[nsp] Path MTU discovery
Glen Turner
glen.turner at aarnet.edu.au
Mon Apr 19 09:40:04 EDT 2004
Daniel Roesen wrote:
> On Sun, Apr 18, 2004 at 02:55:23PM -0400, Robert Boyle wrote:
>
>>I have use mtu path discovery for years with tunnel interfaces.
>>Is there a global config command or is this simply a BGP specific
>>per peer config option?
>
>
> http://www.cisco.com/univercd/cc/td/doc/product/software/ios121/121cgcr/ip_c/ipcprt1/1cdip.htm#1001846
>
> I would think twice about enabling it though, because it makes your
> BGP and LDP sessions vulnerable to ICMP frag-need-but-TTL-exceeded
> attacks, where MD5 authentication doesn't help at all.

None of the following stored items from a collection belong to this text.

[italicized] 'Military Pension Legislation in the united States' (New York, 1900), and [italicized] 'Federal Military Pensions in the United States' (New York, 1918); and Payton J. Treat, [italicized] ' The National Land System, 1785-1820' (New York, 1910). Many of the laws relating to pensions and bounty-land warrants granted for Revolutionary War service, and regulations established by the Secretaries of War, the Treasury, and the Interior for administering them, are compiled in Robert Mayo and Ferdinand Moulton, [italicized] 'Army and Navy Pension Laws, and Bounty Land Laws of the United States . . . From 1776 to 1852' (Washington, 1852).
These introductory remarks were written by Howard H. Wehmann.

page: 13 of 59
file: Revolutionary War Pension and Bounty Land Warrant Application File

What's the practical effect of such an attack? It is just
burning cycles as the attacker walks the pMTU down by
one until the MTU reaches 536? And then the effect of
the smaller MTU?
I assume ACLs on outward-facing interfaces can protect iBGP.
For single-hop eBGP, why is the operating system acting on
an ICMP frag-need-but-TTL-exceeded from the connected subnet?
For TTL=1 IP packets, any incoming ICMP frag-need-but-TTL-exceeded
is bogus, since TTL=1 implies that no forwarding of the packet
is possible, but that ICMP response can only be generated by
forwarders (end-hosts never fragment traffic).
So is the only realistic exposure multihop eBGP?